--- Material provided Enclosed Below ---

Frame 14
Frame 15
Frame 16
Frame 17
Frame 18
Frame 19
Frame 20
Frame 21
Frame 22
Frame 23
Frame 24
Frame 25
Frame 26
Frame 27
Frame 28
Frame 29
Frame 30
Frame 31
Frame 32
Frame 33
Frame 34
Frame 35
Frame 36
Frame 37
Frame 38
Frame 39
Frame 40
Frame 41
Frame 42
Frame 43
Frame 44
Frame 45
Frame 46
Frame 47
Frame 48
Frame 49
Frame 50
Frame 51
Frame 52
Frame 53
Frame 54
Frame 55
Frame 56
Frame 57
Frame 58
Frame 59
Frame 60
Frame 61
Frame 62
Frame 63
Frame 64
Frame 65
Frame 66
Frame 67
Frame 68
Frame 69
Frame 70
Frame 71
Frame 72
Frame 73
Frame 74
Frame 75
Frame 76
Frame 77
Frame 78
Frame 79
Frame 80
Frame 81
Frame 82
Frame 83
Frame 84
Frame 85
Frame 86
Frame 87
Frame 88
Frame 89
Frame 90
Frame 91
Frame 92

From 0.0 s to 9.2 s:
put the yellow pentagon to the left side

--- End of Enclosed Material provided ---
--- Material provided Enclosed Below ---

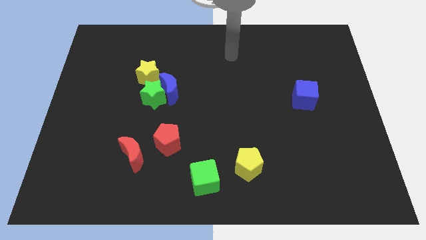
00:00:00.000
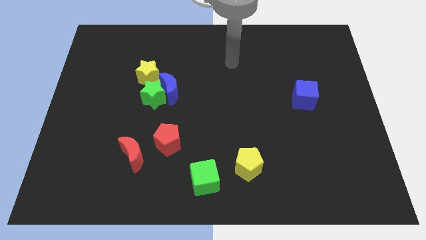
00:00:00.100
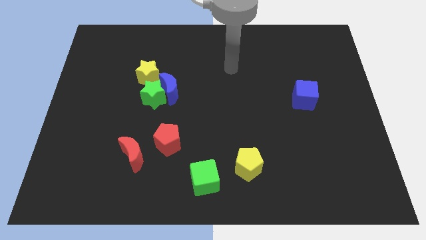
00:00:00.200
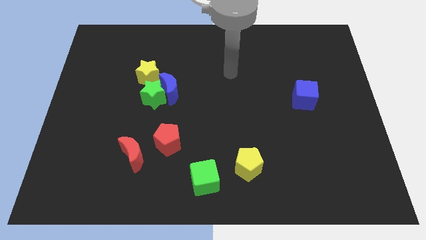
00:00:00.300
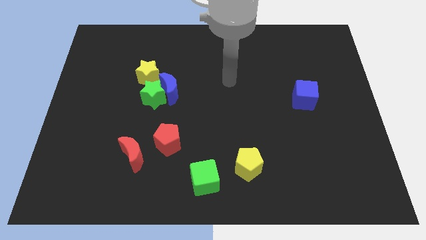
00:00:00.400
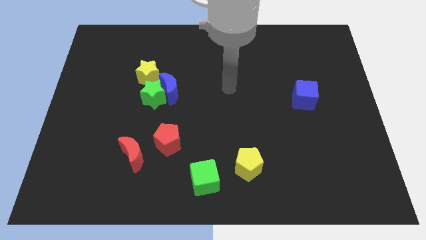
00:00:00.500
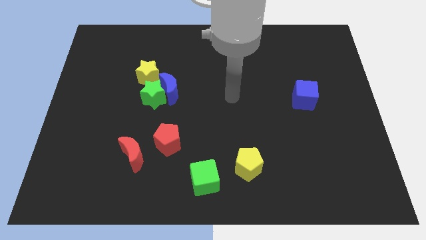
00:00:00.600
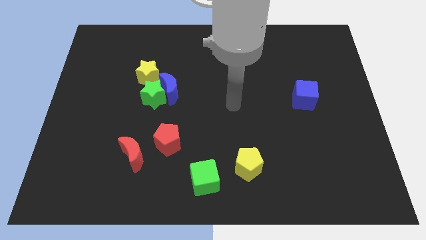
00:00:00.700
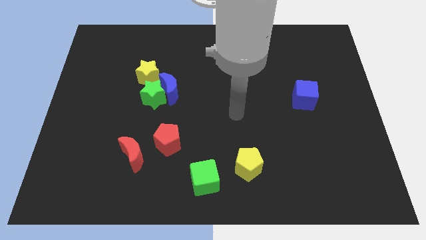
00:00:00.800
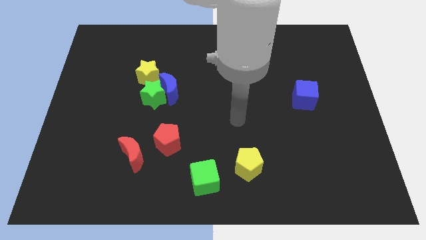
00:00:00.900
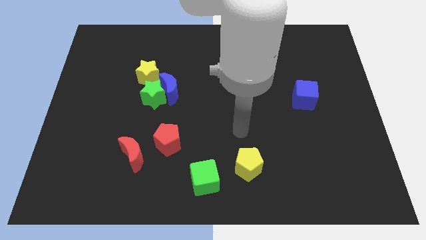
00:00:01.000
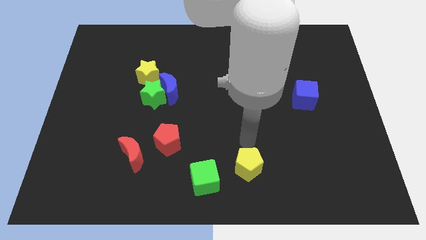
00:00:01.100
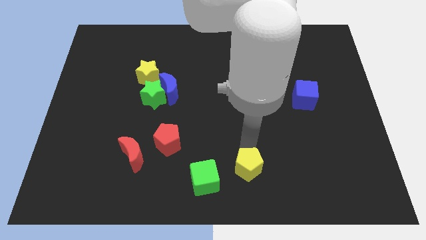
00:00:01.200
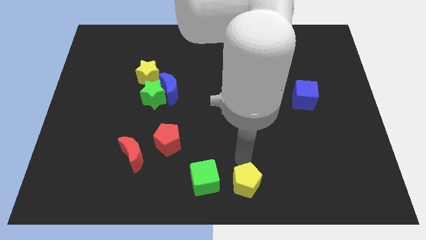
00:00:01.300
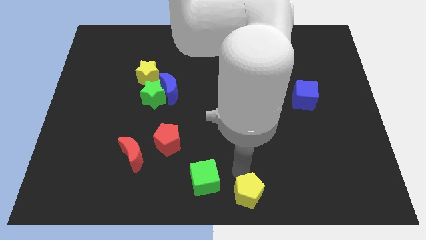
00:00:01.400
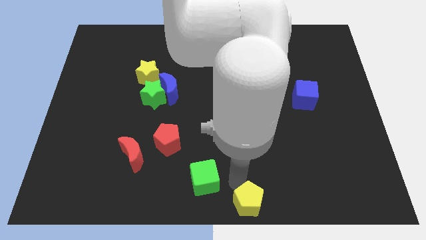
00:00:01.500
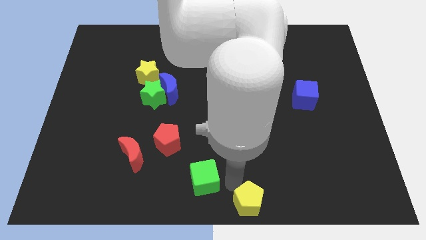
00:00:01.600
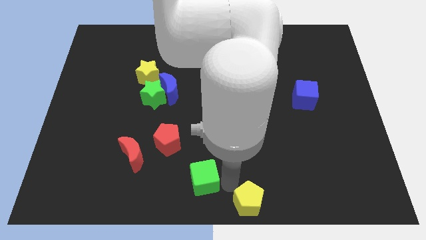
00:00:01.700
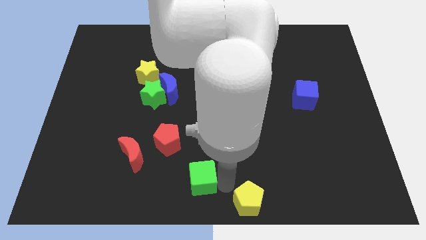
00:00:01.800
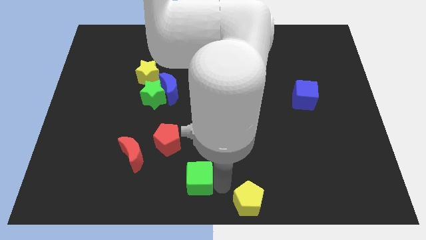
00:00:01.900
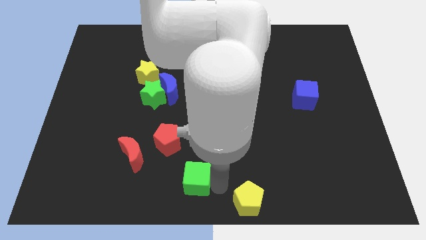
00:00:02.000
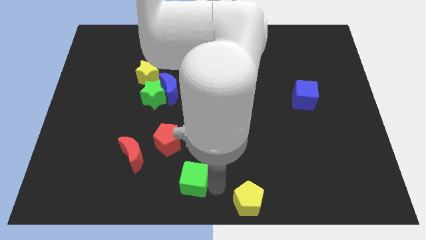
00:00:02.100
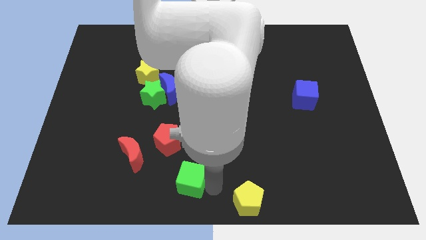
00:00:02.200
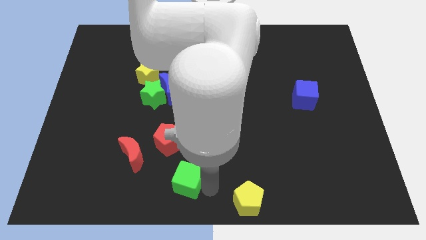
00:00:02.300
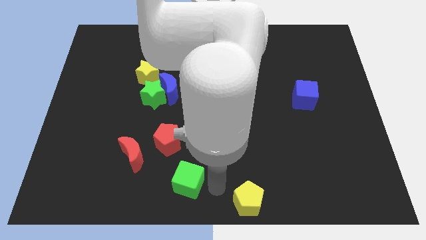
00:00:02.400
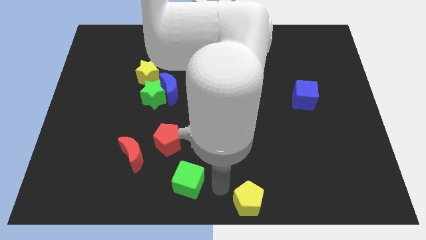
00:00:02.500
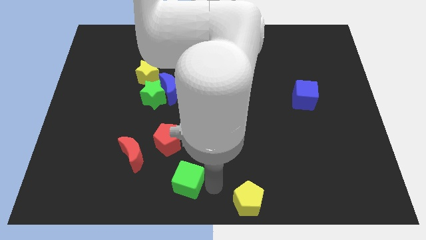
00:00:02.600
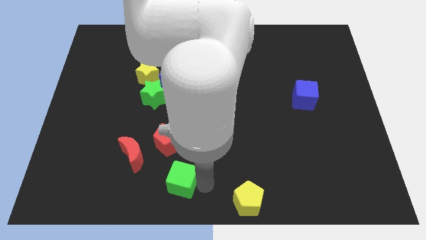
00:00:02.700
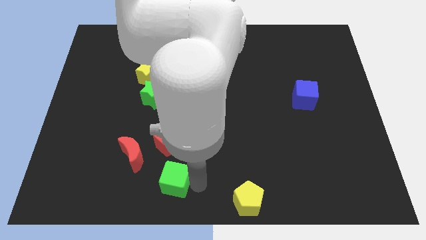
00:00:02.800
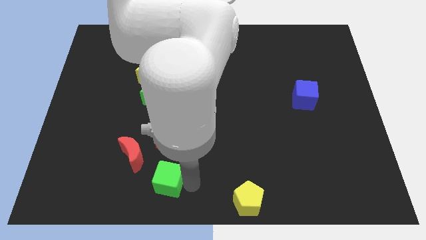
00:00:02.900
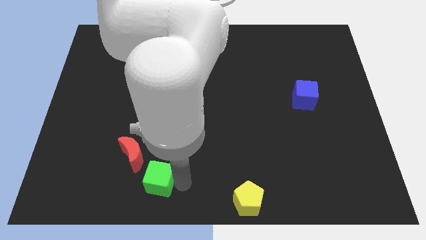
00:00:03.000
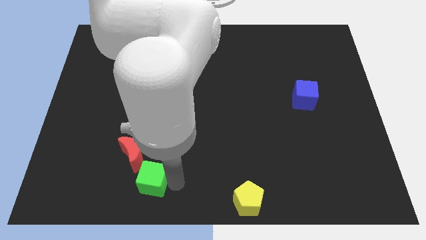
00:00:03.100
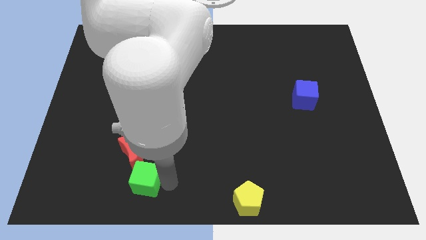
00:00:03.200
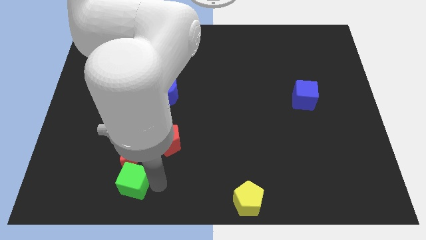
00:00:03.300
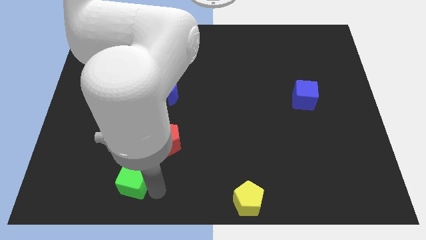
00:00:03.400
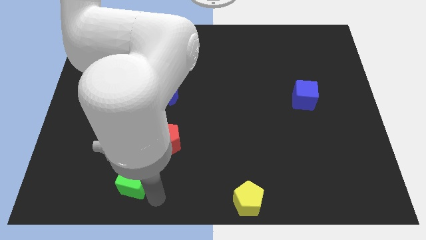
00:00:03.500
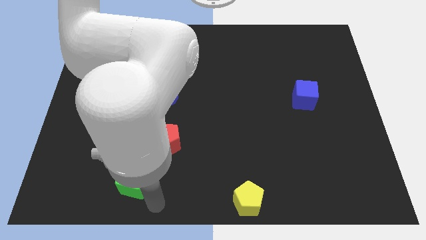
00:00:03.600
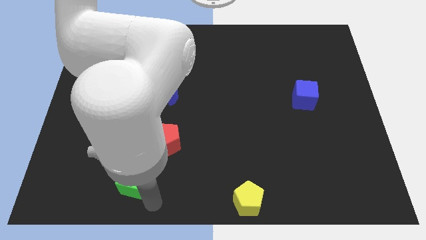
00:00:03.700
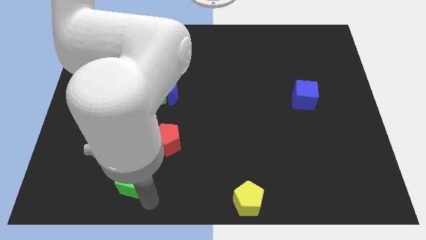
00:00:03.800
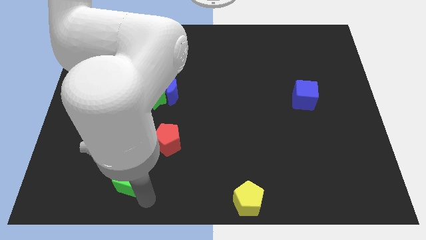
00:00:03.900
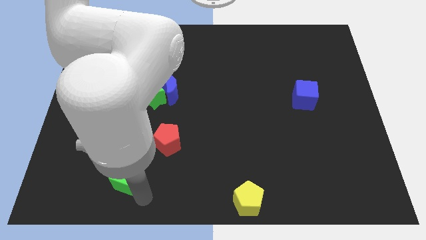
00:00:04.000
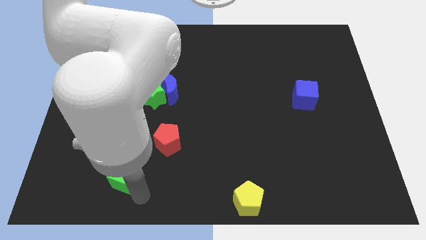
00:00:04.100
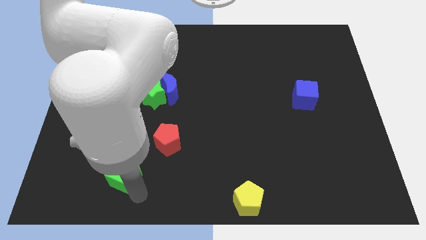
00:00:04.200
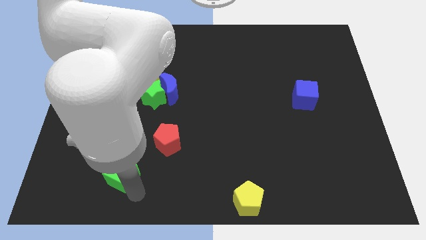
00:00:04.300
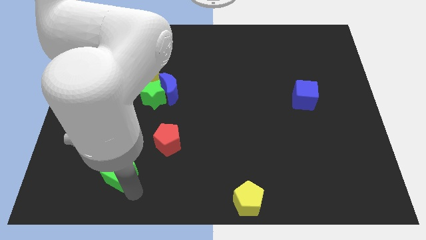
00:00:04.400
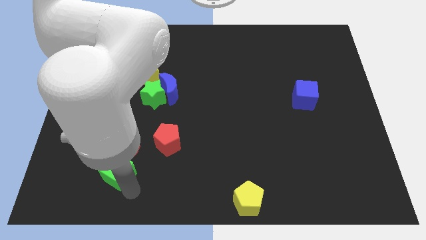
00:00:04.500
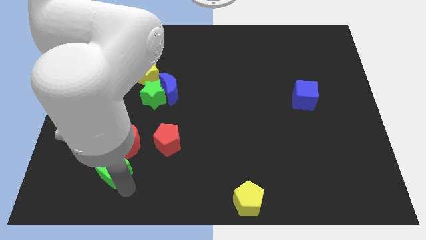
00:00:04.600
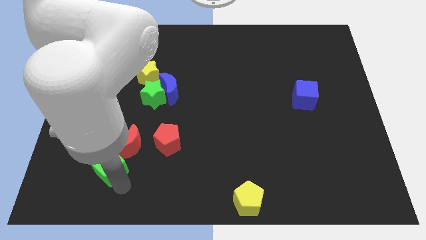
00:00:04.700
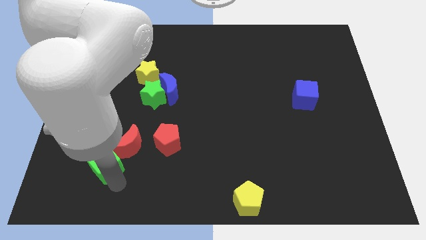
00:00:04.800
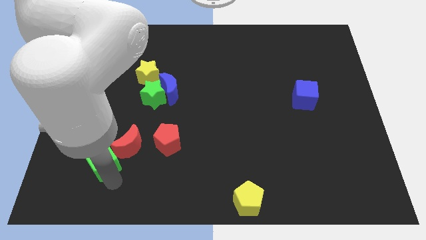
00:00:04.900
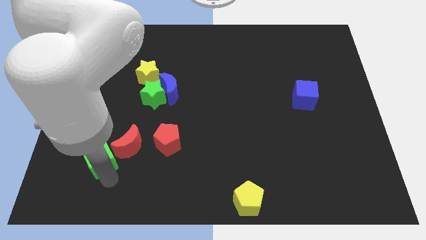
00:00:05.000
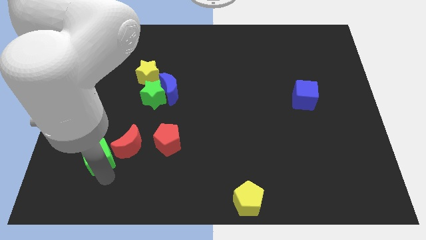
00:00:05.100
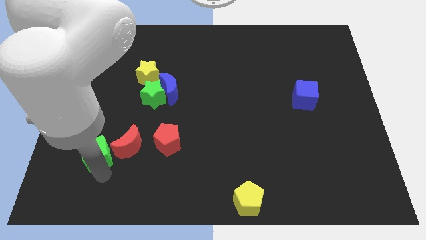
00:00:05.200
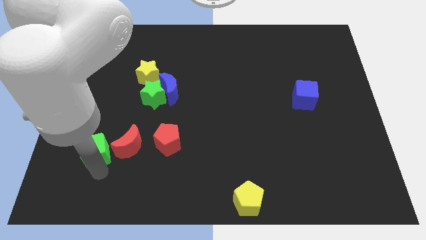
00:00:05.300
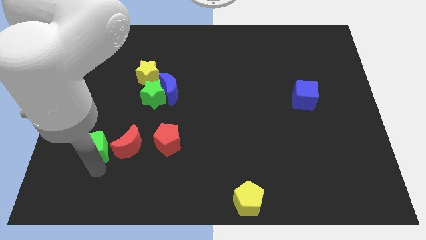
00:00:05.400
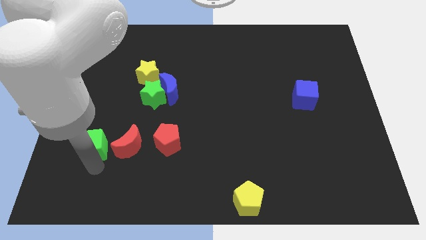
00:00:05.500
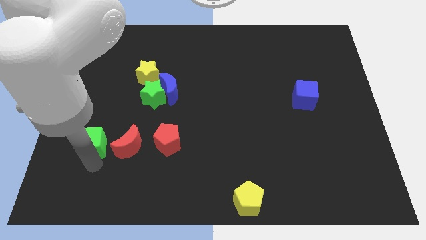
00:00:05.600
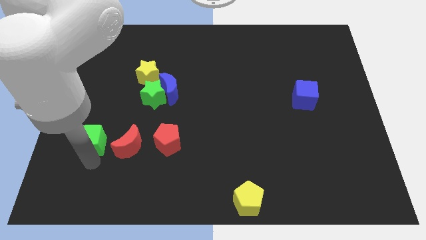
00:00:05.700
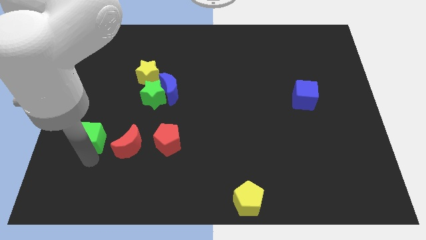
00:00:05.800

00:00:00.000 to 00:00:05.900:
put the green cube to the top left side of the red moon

--- End of Enclosed Material provided ---

Could you output exactly the lines above, from the line with "00:00:01.800" up to and including the line with "00:00:03.900", and nothing else, skipping the pictures?

00:00:01.800
00:00:01.900
00:00:02.000
00:00:02.100
00:00:02.200
00:00:02.300
00:00:02.400
00:00:02.500
00:00:02.600
00:00:02.700
00:00:02.800
00:00:02.900
00:00:03.000
00:00:03.100
00:00:03.200
00:00:03.300
00:00:03.400
00:00:03.500
00:00:03.600
00:00:03.700
00:00:03.800
00:00:03.900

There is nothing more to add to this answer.